# Action item:
State how many lines of the data contain the word "అవసర", and write nothing besides the number.

# Task input:
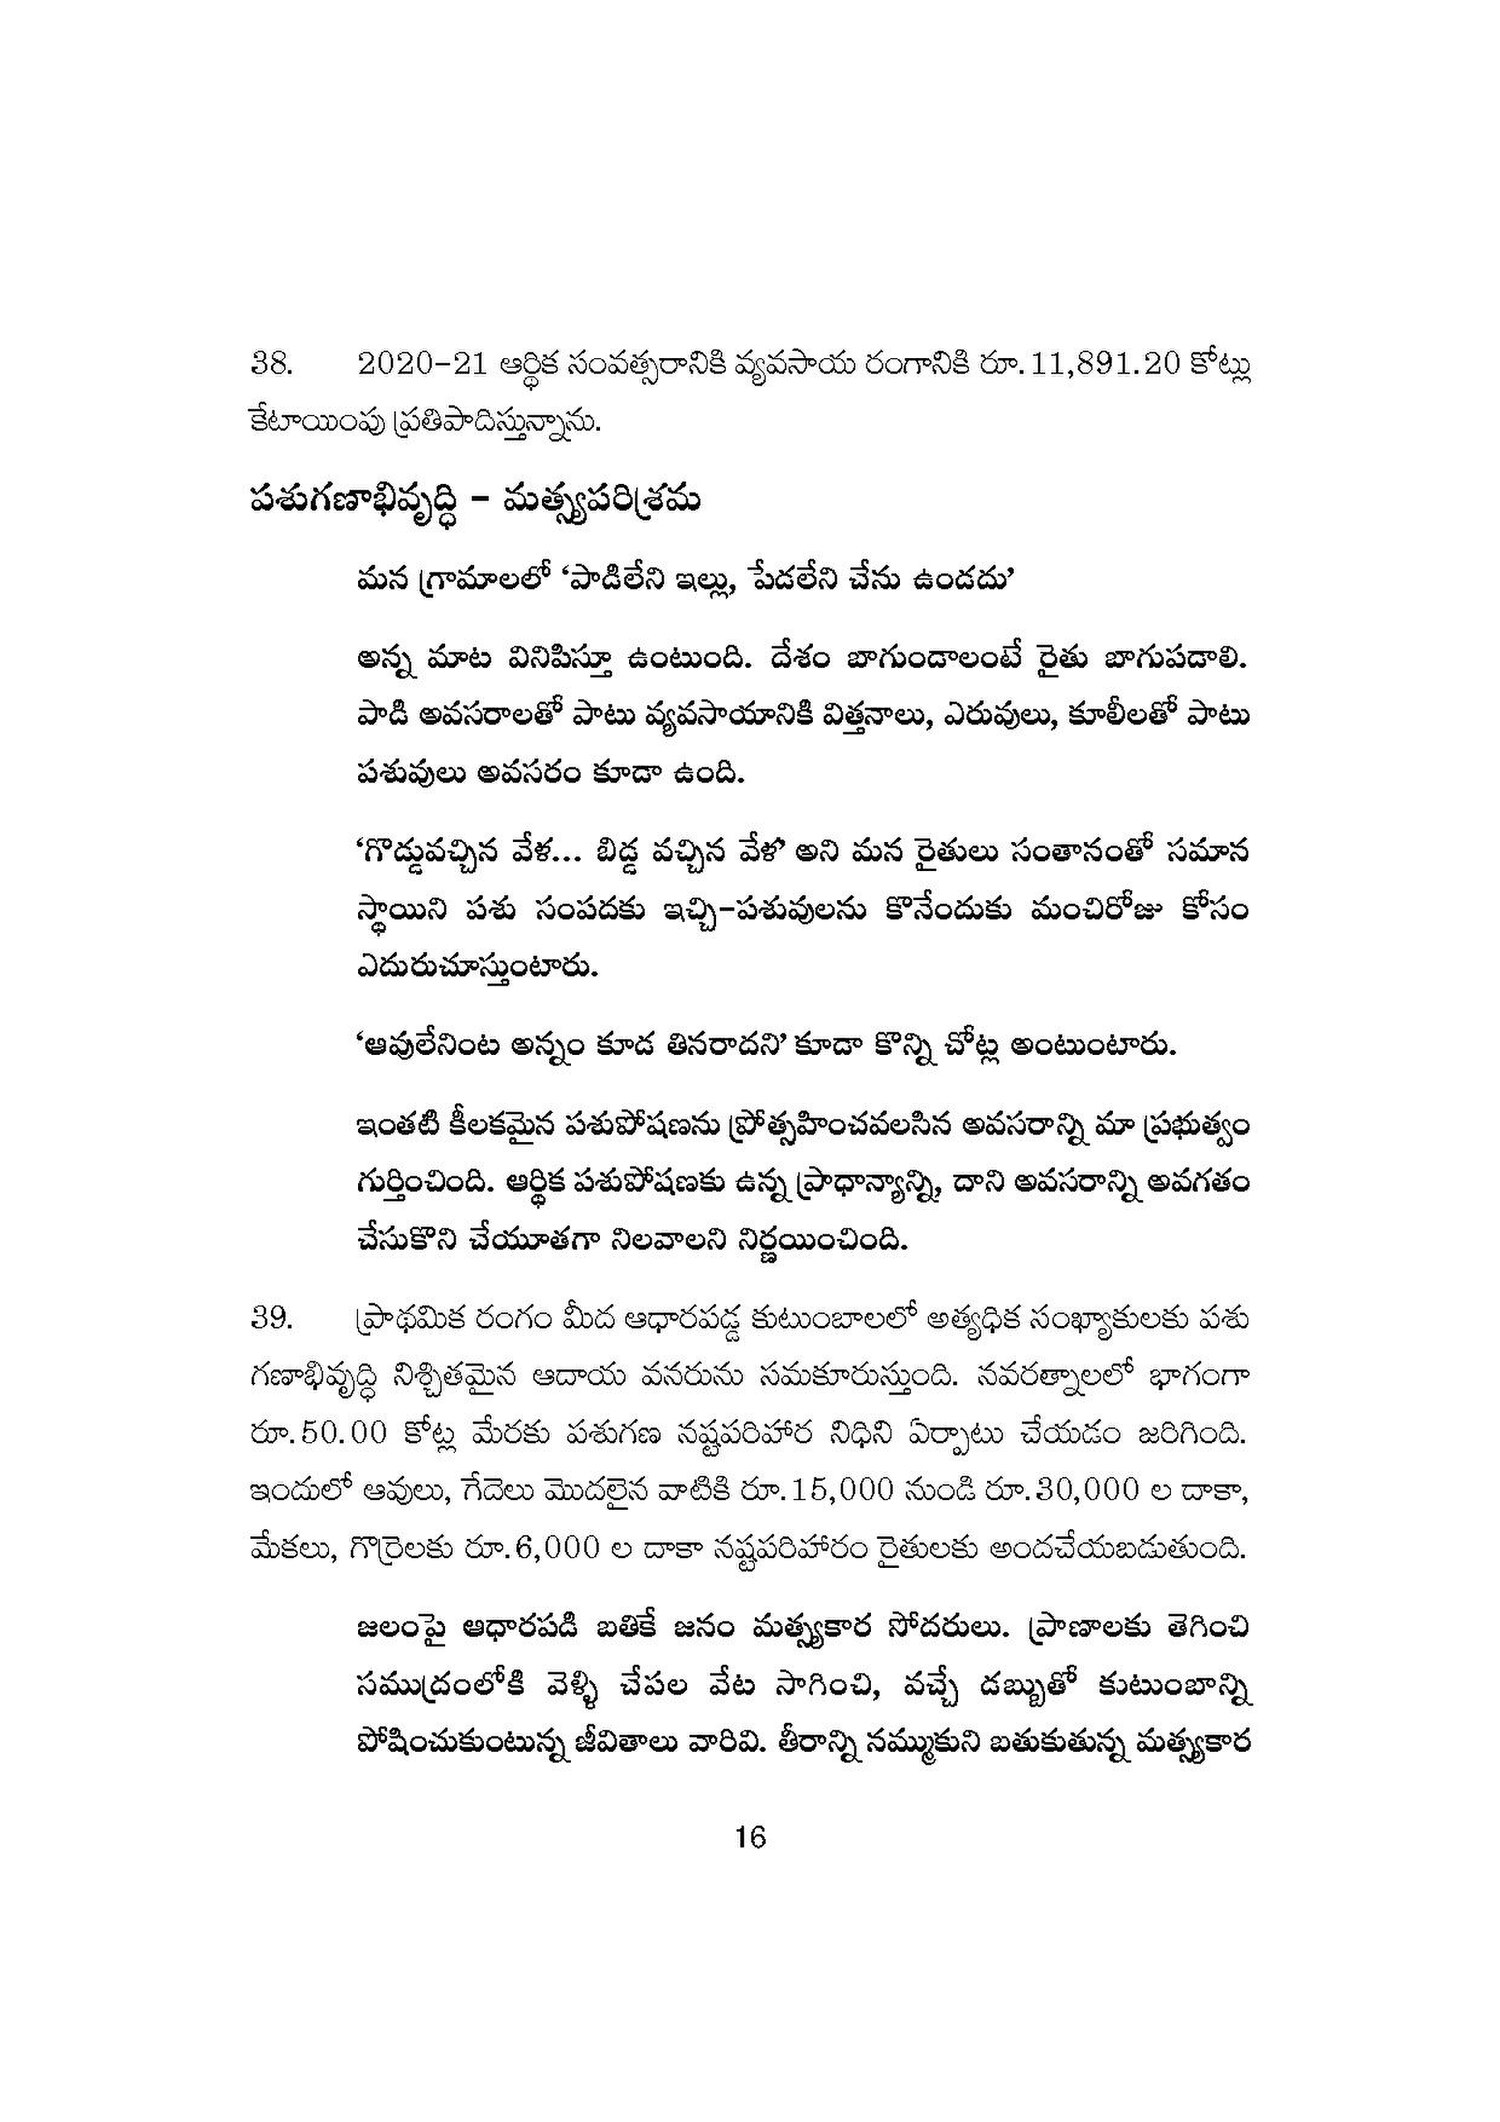38. 2020-21 ఆర్థిక సంవత్సరానికి వ్యవసాయ రంగానికి రూ.11,891.20 కోట్లు కేటాయింపు ప్రతిపాదిస్తున్నాను. 

పశుగణాభివృద్ధి - మత్స్య పరిశ్రమ

మన గ్రామాలలో 'పాడిలేని ఇల్లు, పేడలేని చేను ఉండదు' 

అన్న మాట వినిపిస్తూ ఉంటుంది. దేశం బాగుండాలంటే రైతు బాగుపడాలి. పాడి అవసరాలతో పాటు వ్యవసాయానికి విత్తనాలు, ఎరువులు, కూలీలతో పాటు పశువులు అవసరం కూడా ఉంది.

‘గొడ్డువచ్చిన వేళ... బిడ్డ వచ్చిన వేళ' అని మన రైతులు సంతానంతో సమాన స్థాయిని పశు సంపదకు ఇచ్చి-పశువులను కొనేందుకు మంచిరోజు కోసం ఎదురుచూస్తుంటారు.

'ఆవులేనింట అన్నం కూడ తినరాదని' కూడా కొన్ని చోట్ల అంటుంటారు. 

ఇంతటి కీలకమైన పశుపోషణను ప్రోత్సహించవలసిన అవసరాన్ని మా ప్రభుత్వం గుర్తించింది. ఆర్థిక పశుపోషణకు ఉన్న ప్రాధాన్యాన్ని, దాని అవసరాన్ని అవగతం చేసుకొని చేయూతగా నిలవాలని నిర్ణయించింది.  

39. ప్రాథమిక రంగం మీద ఆధారపడ్డ కుటుంబాలలో అత్యధిక సంఖ్యాకులకు పశు గణాభివృద్ధి నిశ్చితమైన ఆదాయ వనరును సమకూరుస్తుంది. నవరత్నాలలో భాగంగా రూ. 50.00 కోట్ల మేరకు పశుగణ నష్టపరిహార నిధిని ఏర్పాటు చేయడం జరిగింది. ఇందులో ఆవులు, గేదెలు మొదలైన వాటికి రూ.15,000 నుండి రూ.30,000 ల దాకా, మేకలు, గొర్రెలకు రూ. 6,000 ల దాకా నష్టపరిహారం రైతులకు అందచేయబడుతుంది. 

జలంపై ఆధారపడి బతికే జనం మత్స్యకార సోదరులు. ప్రాణాలకు తెగించి సముద్రంలోకి వెళ్ళి చేపల వేట సాగించి, వచ్చే డబ్బుతో కుటుంబాన్ని పోషించుకుంటున్న జీవితాలు వారివి. తీరాన్ని నమ్ముకుని బతుకుతున్న మత్స్యకార

# Your solution:
2